The second quarter turned out better than many had anticipated.
Casino companies have learned to operate at limited capacity. Gamblers have showed up to play. And the outlooks given by CEOs have been sober, but confident.
The current state of gaming business and outlook look something like this:
- Online gambling companies prospered while their brick-and-mortar cousins were closed. The question becomes, how much of this windfall will stick once casinos fully reopen and customers become comfortable traveling?
- Sports betting companies have seen their businesses suffer, but are bouncing back as eager gamblers jump all over major sports leagues resuming play. Looking into next year, sports will fully return, and U.S. states will continue to legalize betting. So this is a growth industry, as clearly as riverboats were in the 1990s.
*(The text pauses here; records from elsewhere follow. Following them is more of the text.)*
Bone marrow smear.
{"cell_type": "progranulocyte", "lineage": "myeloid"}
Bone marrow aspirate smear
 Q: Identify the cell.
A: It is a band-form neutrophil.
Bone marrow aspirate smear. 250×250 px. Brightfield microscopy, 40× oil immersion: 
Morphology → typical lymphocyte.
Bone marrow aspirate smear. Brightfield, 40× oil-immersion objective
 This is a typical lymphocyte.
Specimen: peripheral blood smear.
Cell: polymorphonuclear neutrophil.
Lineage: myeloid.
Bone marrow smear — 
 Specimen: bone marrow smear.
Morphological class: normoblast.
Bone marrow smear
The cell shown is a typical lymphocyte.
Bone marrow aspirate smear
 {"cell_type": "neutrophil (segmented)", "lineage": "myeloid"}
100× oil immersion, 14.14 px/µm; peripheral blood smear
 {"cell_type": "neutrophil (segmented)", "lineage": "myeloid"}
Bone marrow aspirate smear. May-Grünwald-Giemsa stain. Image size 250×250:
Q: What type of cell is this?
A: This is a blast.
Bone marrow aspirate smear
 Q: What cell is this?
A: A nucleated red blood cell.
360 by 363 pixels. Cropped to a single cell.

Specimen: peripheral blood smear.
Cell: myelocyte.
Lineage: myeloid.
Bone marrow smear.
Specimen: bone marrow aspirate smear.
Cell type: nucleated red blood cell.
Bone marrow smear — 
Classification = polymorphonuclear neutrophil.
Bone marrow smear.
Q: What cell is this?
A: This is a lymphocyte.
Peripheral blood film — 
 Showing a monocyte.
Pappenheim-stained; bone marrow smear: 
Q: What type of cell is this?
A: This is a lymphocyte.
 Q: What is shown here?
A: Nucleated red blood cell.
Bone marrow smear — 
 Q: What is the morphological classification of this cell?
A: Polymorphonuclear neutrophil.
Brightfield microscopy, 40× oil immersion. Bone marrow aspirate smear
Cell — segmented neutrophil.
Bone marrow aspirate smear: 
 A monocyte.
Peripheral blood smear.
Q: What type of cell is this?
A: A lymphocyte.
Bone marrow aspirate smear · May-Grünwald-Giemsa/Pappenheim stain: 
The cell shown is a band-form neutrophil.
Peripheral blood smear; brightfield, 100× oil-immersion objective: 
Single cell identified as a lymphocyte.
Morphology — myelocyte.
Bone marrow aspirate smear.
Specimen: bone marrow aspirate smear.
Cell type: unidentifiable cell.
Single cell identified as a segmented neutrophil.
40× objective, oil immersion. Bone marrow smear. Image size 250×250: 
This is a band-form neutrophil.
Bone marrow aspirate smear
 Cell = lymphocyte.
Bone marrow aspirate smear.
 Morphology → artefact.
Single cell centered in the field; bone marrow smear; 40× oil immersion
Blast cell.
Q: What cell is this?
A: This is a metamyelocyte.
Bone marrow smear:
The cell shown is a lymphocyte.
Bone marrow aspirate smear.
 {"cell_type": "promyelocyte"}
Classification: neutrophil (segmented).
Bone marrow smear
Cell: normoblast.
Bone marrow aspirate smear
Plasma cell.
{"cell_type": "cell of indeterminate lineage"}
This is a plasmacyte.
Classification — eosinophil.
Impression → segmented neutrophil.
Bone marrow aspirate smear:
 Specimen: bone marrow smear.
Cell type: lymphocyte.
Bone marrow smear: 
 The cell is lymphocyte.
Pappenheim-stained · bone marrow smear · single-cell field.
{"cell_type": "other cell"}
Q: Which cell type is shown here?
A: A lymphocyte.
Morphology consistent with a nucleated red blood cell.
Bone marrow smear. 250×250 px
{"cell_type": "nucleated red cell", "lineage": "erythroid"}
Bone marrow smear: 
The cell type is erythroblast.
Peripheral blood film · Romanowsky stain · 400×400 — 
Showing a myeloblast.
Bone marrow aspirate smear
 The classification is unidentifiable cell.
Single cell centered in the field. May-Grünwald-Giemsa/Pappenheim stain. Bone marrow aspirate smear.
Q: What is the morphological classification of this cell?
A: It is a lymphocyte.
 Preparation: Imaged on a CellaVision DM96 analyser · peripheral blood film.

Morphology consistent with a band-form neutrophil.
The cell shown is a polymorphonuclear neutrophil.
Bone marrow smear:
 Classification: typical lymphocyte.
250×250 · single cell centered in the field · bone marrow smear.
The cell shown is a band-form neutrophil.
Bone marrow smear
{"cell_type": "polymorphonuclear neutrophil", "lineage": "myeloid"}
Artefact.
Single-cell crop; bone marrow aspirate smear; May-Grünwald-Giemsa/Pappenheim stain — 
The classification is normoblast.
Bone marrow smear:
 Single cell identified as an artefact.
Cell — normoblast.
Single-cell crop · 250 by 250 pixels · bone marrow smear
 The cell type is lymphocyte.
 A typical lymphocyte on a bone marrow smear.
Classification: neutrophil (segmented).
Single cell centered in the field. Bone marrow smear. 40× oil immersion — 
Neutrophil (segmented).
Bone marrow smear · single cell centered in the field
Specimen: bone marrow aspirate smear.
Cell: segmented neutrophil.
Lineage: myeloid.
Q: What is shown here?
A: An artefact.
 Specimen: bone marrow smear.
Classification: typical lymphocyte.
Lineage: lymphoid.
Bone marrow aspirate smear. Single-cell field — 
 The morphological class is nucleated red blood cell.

- Regional and locals casinos are living up to expectations that their business is recovering sooner and to a greater extent than destination markets. More importantly, cost reductions have considerably offset the effects of lower revenues, and it appears executives are committed to permanently reducing money-losing or marginal amenities. Bye-bye, buffets.
- Destination markets, also as expected, are in difficulty. They likely will stay that way as long as Singapore air travel is restricted, Macau feeder markets essentially shut down travel, air traffic into Las Vegas remains minimal, and conventions continue to cancel.
- Liquidity is no longer an urgent issue. Gaming companies largely have done an excellent job of cutting expenses and arranging to have cash, or access to it. They are not facing imminent crises.
There are other encouraging signs. Airline passenger traffic at Las Vegas, McCarran International Airport nearly tripled from May to June, and was almost seven times that of April, showing that airlines will provide capacity if consumers provide demand.
The overall economy continues to outperform expectations, and the Fed and Congress are intent on providing whatever aid is needed to keep it going.
There are longer-term concerns. What happens when the inevitable flattening or decline of economic activity occurs and as more jobs and businesses disappear? Then there is the eventual impact on inflation from all the debt piling up. However, the near-term avoidance of economic catastrophe gives some reason for optimism that those waters can be navigated safely.
Financial crises are times of opportunity as well as difficulty. For every old-line brick-and-mortar business that files bankruptcy, new companies like Zoom arise to capitalize on the changed environment.
Covid-19 has presented investors with what some call the stay-at-home plays, like Netflix prospering as theaters remain dark, Peloton inspiring at-home exercise while gyms struggle, or Grubhub delivering restaurant-made meals while the restaurants themselves suffer. And it accelerated the digitalization of the economy, including Amazon’s ever greater dominance.
Gaming has its own set of stay-at-home winners in the iGaming stocks and those brick-and-mortar companies that are seen as adapting to the new business models, such as Penn National, with its stake in BarStool sports media company. PENN stock is now 10 times its mid-March low. Hard to argue with a 1,000 percent appreciation in four months.
Let’s Get Together
The Penn National purchase is indicative of another trend—convergence. The gaming company of the past either ran a casino or sold slot machines and equipment to casinos.
The gaming company of the future will be an amalgam of businesses. On the supplier side, look at Scientific Games and IGT. They have lotteries, slot machines, casino management systems, social and iGaming and sports betting platforms. Aristocrat is as much a social gamer as a slot supplier.
Casinos still have slots, table games and hotel rooms, but they also have retail, convention space, iGaming operations and sports betting.
That convergence will continue.
The REIT Irony
But brick-and-mortar opportunities remain.
Perhaps the best examples of this are the gaming REITs: Gaming and Leisure Properties, MGM Growth Properties and VICI Properties.
Just a few months ago, many REIT investors avoided gaming REITs because their tenant bases are not diverse. They’re only casinos. Further, their tenant bases are concentrated. Each REIT has one primary tenant, the company from which it was spun off: Penn National, MGM Resorts and Caesars Entertainment.
Today, while non-gaming REIT stocks have been hammered as tenants such as restaurants and shopping malls stopped paying rent, gaming REITs are happily collecting full rents from their casino tenants.
At some point, gaming REITs will diversify. Diversification obviously is wise in almost every economic environment. But the point is that investors can still benefit from old-fashioned investments.
And in today’s low-interest rate world, with dividend yields ranging from over 5 percent to more than 7 percent, gaming REITs are the kinds of stalwart investments that can benefit even the trendiest stay-at-home and techy portfolio.